最初に上陸した鹿児島県には鹿児島カテドラル・ザビエル記念聖堂、布教に訪れた長崎県には平戸ザビエル記念教会、大分県には銘菓「ざびえる」と、いずれも名前は「ザビエル」を冠している。カトリック中央協議会(東京)によると、日本のカトリック教会は「ザビエル」の表記で統一しているが、それがいつからなのかは分からないという。
キリシタン史に詳しい元桐朋学園大学短期大学部教授の岸野久さん(74)によると、ザビエルはスペイン語の発音で「ハビエル」。ザビエルの出身地、バスク地方では「シャヴィエル」になる。ミサの正式な言語だったラテン語では「ザベリヨ」で、「ザビエル」は英語読みに由来するという。
宣教師が来日した16世紀以降、国内でもさまざまな呼び方があったようだ。歴史学者の故吉田小五郎は、文献をめくるうちに、登場する宣教師の名前がバラバラなことに気づいて驚いた。しびえる、ジヤヒエル、娑毘惠婁……。確認しただけでも読み方は60以上に及んだ。言語によってつづりが違い、仮名で書き残したため表記がさらに増えたのだろうと指摘する。

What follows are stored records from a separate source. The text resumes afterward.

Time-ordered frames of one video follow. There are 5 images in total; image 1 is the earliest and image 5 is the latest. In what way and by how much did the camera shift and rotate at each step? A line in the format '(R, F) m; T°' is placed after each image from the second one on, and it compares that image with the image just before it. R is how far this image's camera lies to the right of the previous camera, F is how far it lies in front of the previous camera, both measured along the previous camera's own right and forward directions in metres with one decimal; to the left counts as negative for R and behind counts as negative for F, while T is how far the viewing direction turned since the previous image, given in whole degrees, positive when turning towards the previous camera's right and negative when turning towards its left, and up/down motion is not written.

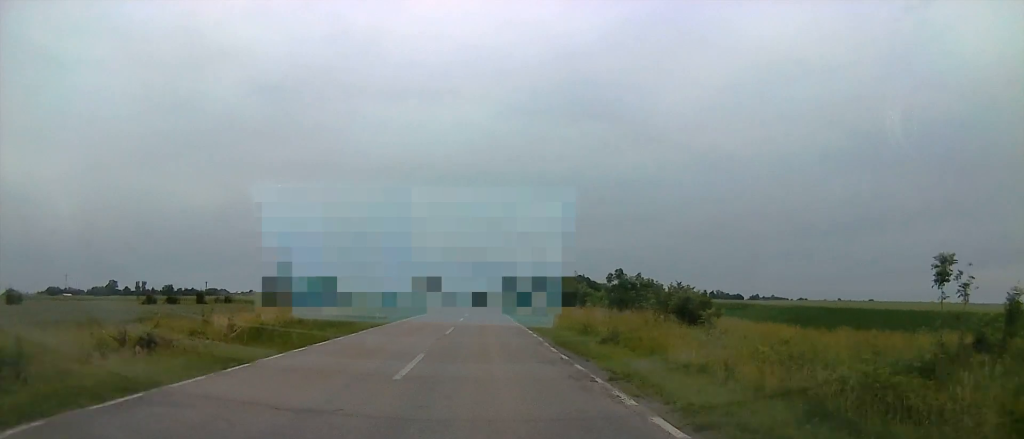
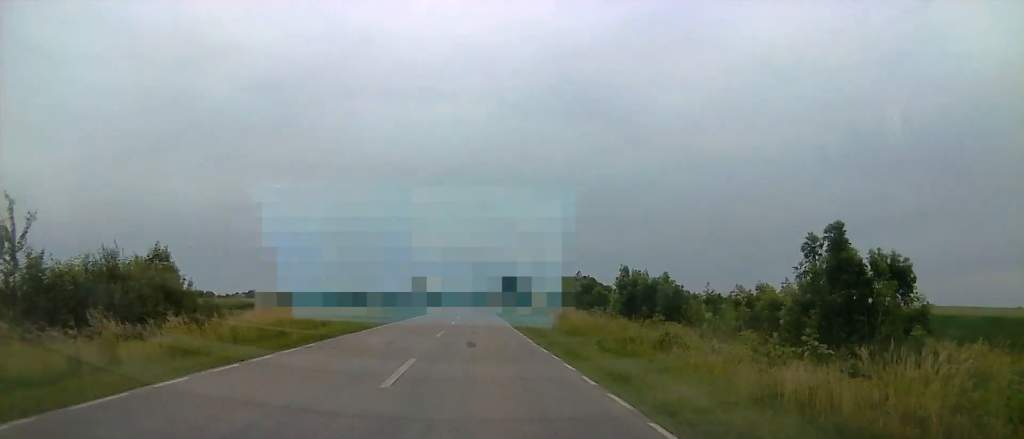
(0.0, +36.0) m; +1°
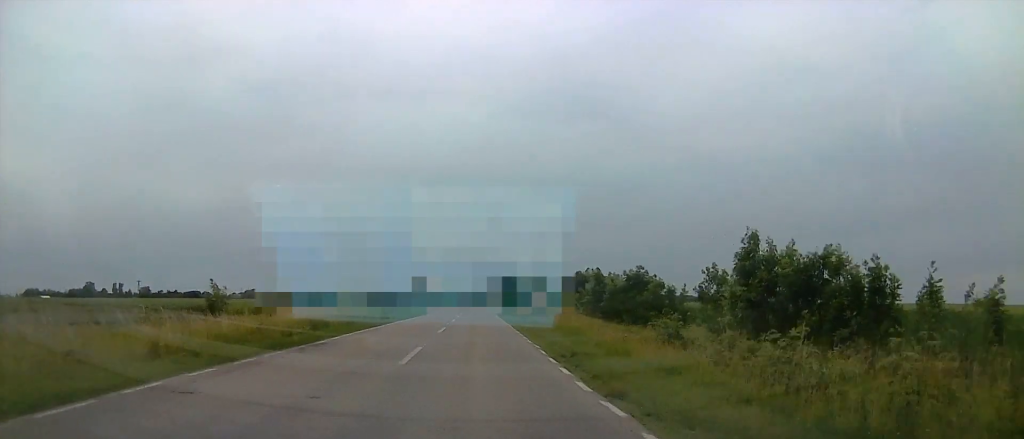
(+0.1, +20.3) m; -3°
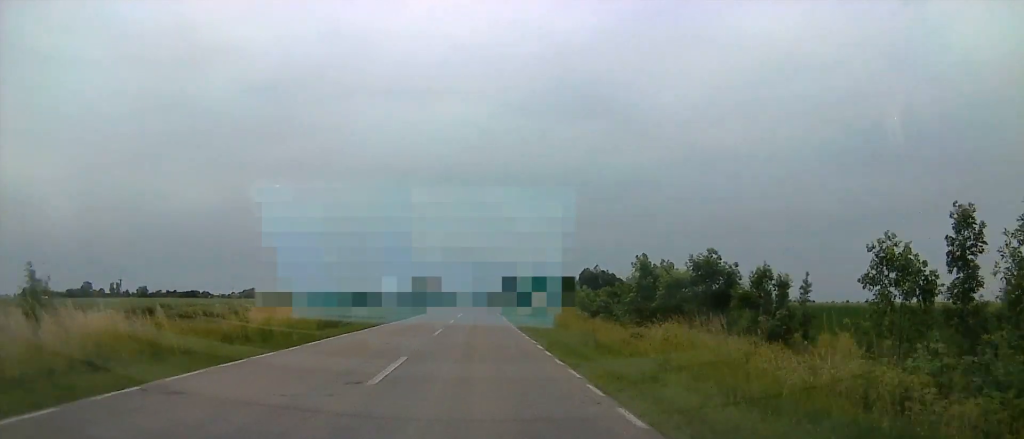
(-0.6, +14.5) m; -1°
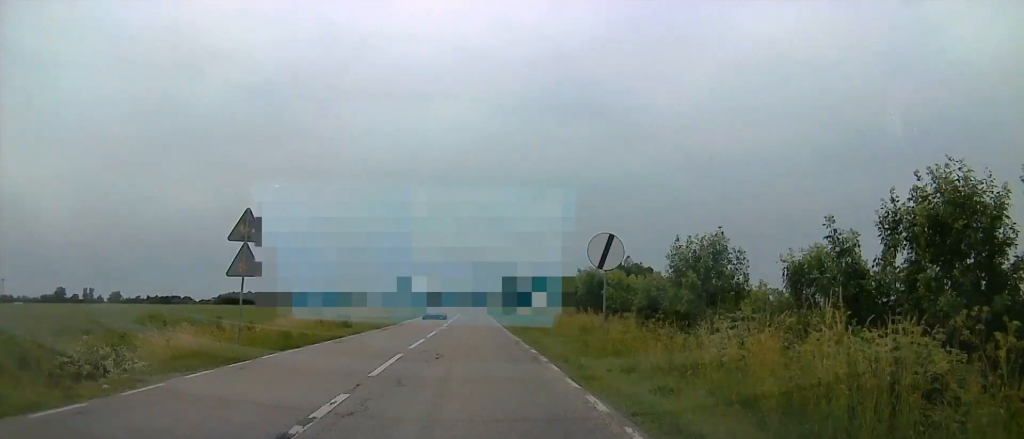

歴史の教科書でも呼び名は分かれる。東京書籍は中学の教科書では「ザビエル」だが、高校では「シャヴィエル」。担当者は「現地の読み方に合わせるのが学会の潮流」と説明する。中学の教科書では一般的な「ザビエル」を採用しているが、今後表記を変えるか、併記する可能性もあるという。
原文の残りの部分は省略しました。